Friday, January 05, 2007

Early Childhood Education

SC Times has a piece on Senator Tarryl Clark offering legislation providing more money for Early Childhood Education.

Story Chat is at it once again...

Rep Larry Hosch sets the record straight though. Rep Hosch is a great elected leader and serves his constituents very well.

Larry Hosch from St. Joseph
Comment Posted: 1/5/2007 10:05:33 AM

cwhiatt - I think you would find the report from the Minnesota state auditor interesting. it is titled financial trends of Minnesota School Districts 2001-2005. This report was done by Patricia Anderson, our previous Auditor. This is a fair report which proves most of your figures wrong. The report can be found here

http://www.osa.state.mn.us/reports/gid/2005/schooldistrict/schooldistrict_05_report.pdf

According to this report, in 2005, 67.9% of operating expenditures are spent in the classroom, these expenditures include regular instruction, career and technical education, and special education.

In 2005, 8.3% of expenditures were spent on Adminsitration.

In 2005, 8.1% of expenditures were spent on pupil support, much of which is in the classroom.

In 2005, 2.6% of expenditures were spent on student activities and athletics.

In 2005, 8.2% of expenditures were spent on operations and maintenance, such as transportation.

In 2005, 4.9% of expenditures were spent on equipment, land and buildings.

In my opinion, these numbers seem to prove that your claim that 70% of education expenditures happen outside of the classroom as inaccurate. I even used a report you suggested others to reference. We all are entitled to our own opinions, but not our own facts, as Governor Pawlenty has pointed out before

From the person debating Rep Hosch

cwhiatt from MN.
Comment Posted: 1/5/2007 10:20:11 AM

Take a gander at what was payed out in salaries and benefits. Furthermore for education Minnesota to yammer on and on about crumbling schools and the overall state of our public schools and then kick in 8% towards operations and maintenance and 5% on equipment, etc. is pathetic.

I stand by my original argument. If you can't educate Minnesota's children with a nearly $11,000 per pupil expenditure and a $12billion+ budget. Then something is definitely wrong and more money is not going to fix it.

And one last rebuttal

cwhiatt - I know we may disagree on this, but I really don't see 5% of expenditures on equipment or 8% expenditures on operations and maintenance as excessive. We all work on a household budget and these numbers seem reasonable to me. Let me put things into perspective.

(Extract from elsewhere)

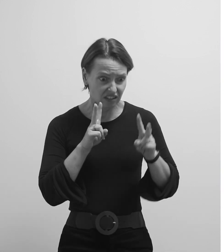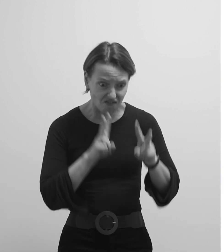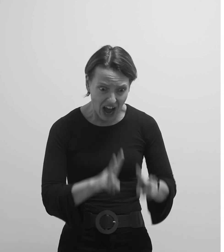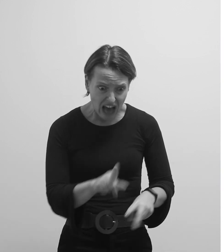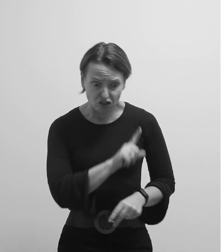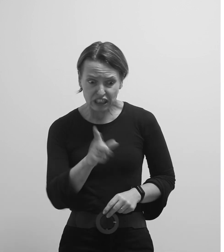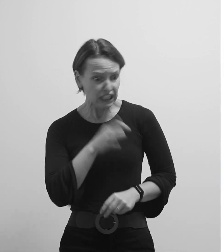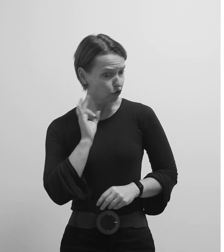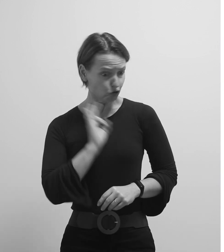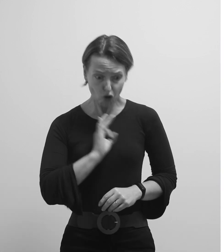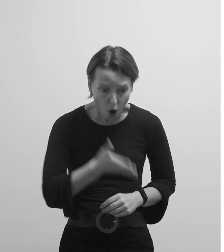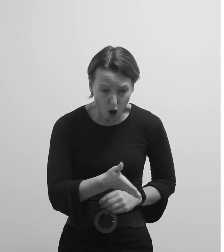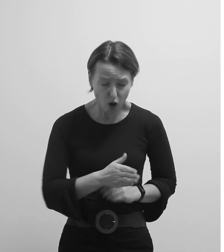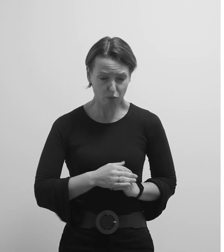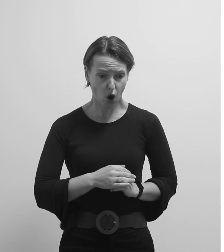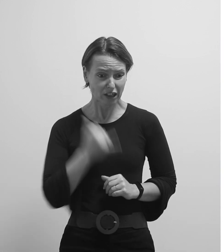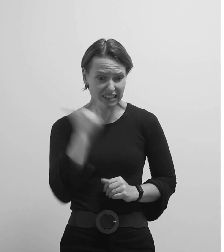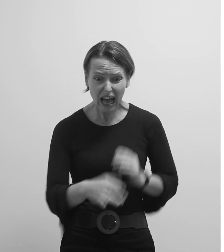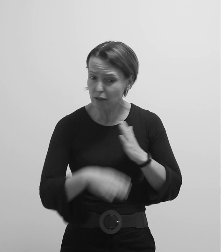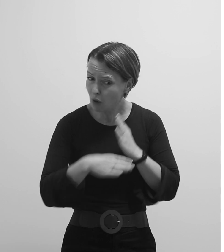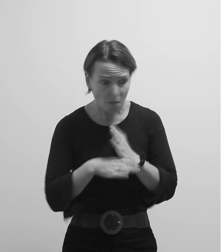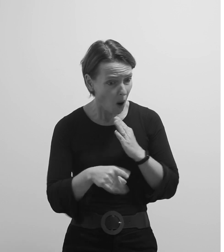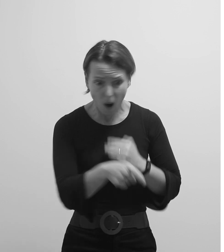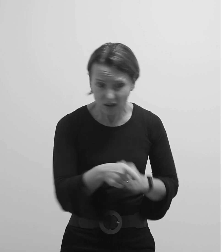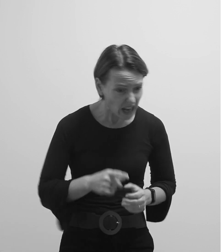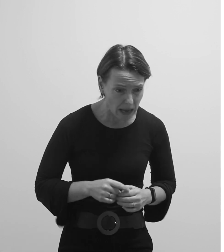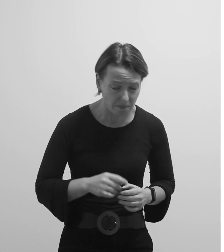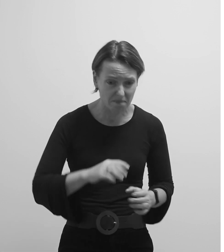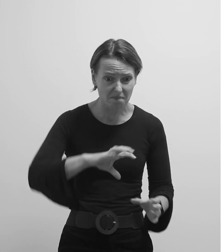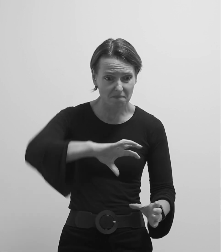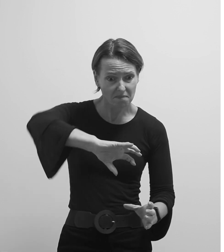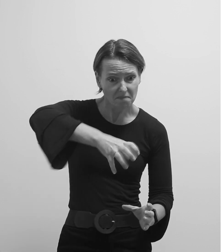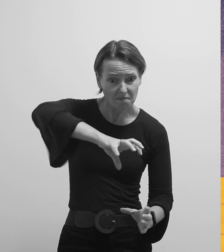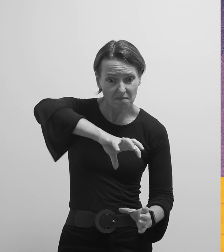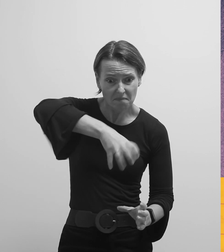Stvarno ti nije dobro. Sad ću ti pomoći.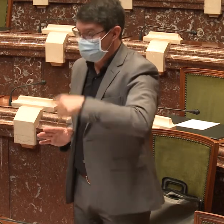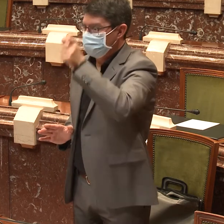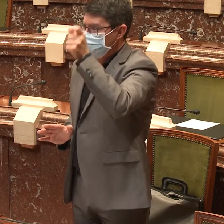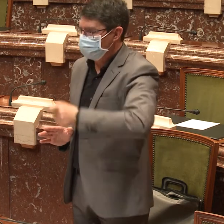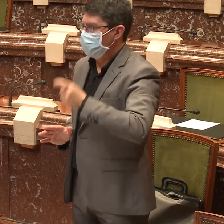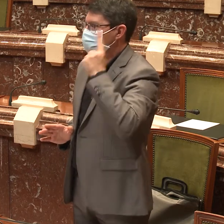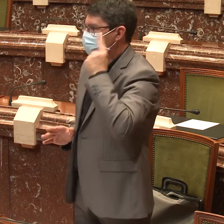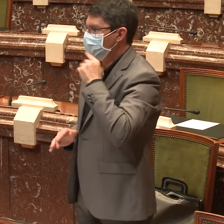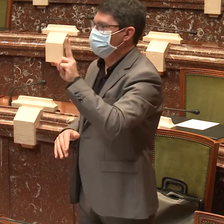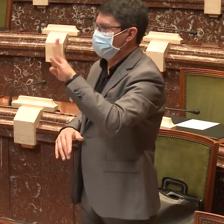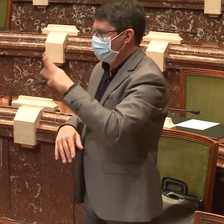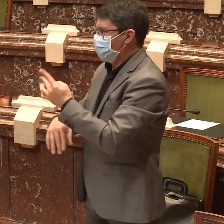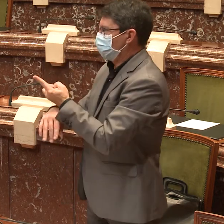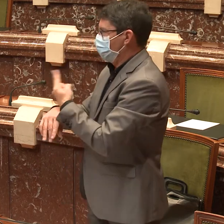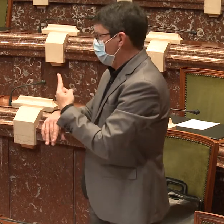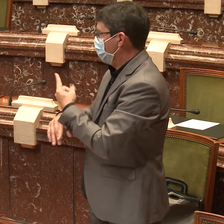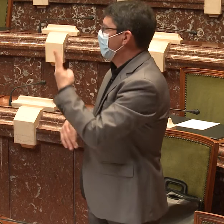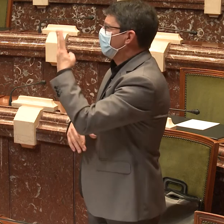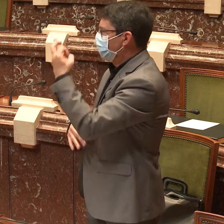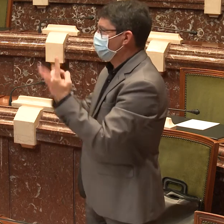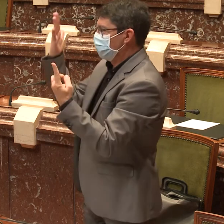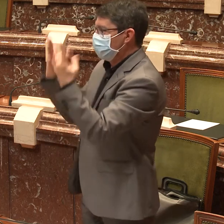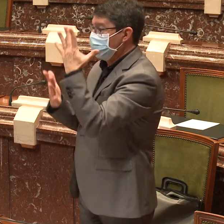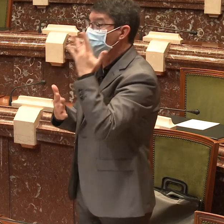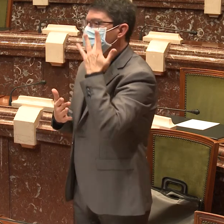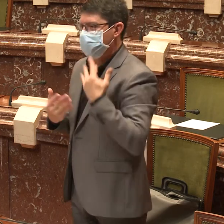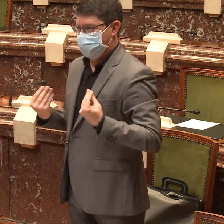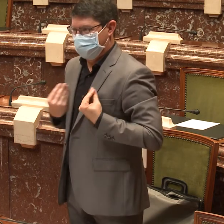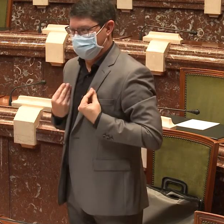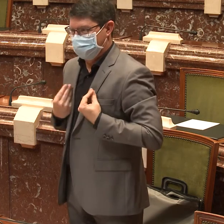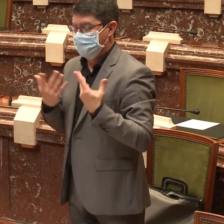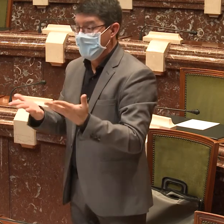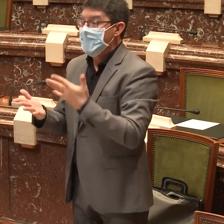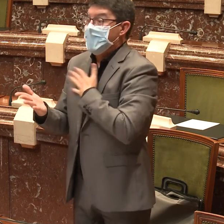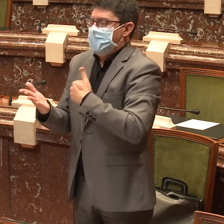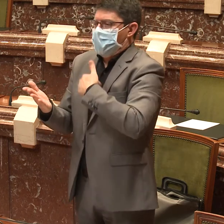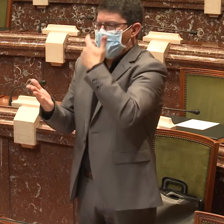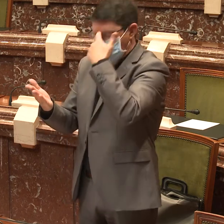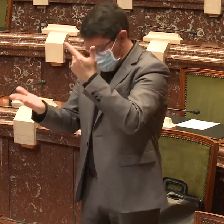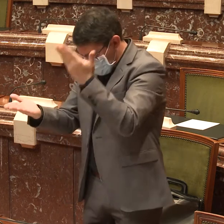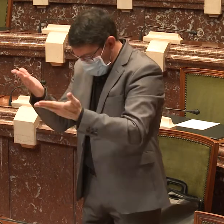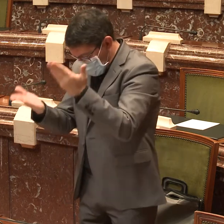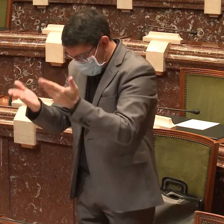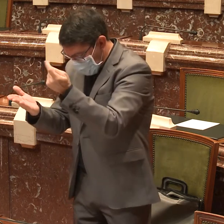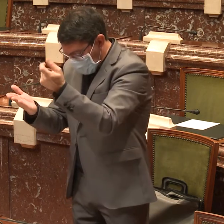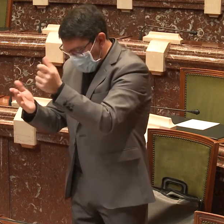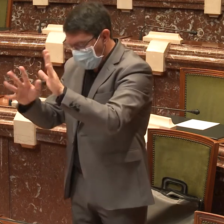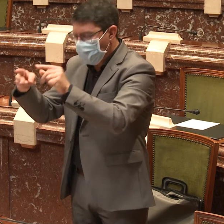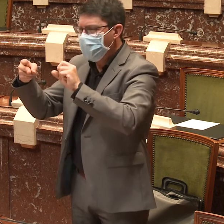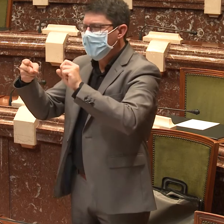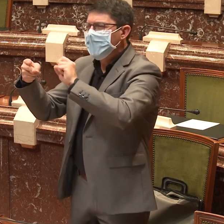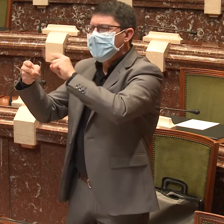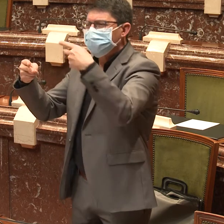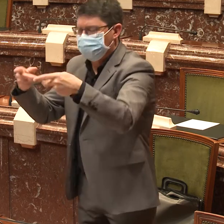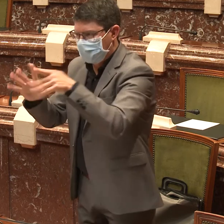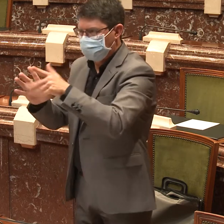podemos olvidar que las personas sordas somos personas sordas 24 horas al día, los 365 días al año. Y así con

Let's create a hypothetical household which makes $50,000 a year. If they spend 5% of their income on equipment, let's say vehicles, they would then spend $2,500 annually on their vehicle, which amounts to $208.33 a month. I would say this is a average, if not below average amount spent on vehicles (equipment) for a household. If this seems fair for a family, I woulkd say this is also resonable for a school.

Now, onto the 8% figure for operations and maintenance. 8% of $50,000 is $4,000 annually or $333.33 a month. In my househoid my operational costs probably equal this too, with the utility bill, refuse, water, waste water. internet, furnace filters, salt, etc. This doesn't even take into consideration of maintenace such as my lawnmower, fertilizer, window treatments, cleanings, etc. Again, in my world, this seems like an acceptable, real world expenditure amount to me.
These percentages seem reasonable to me and my household. What are your thoughts, or what do you think your household expenditures are?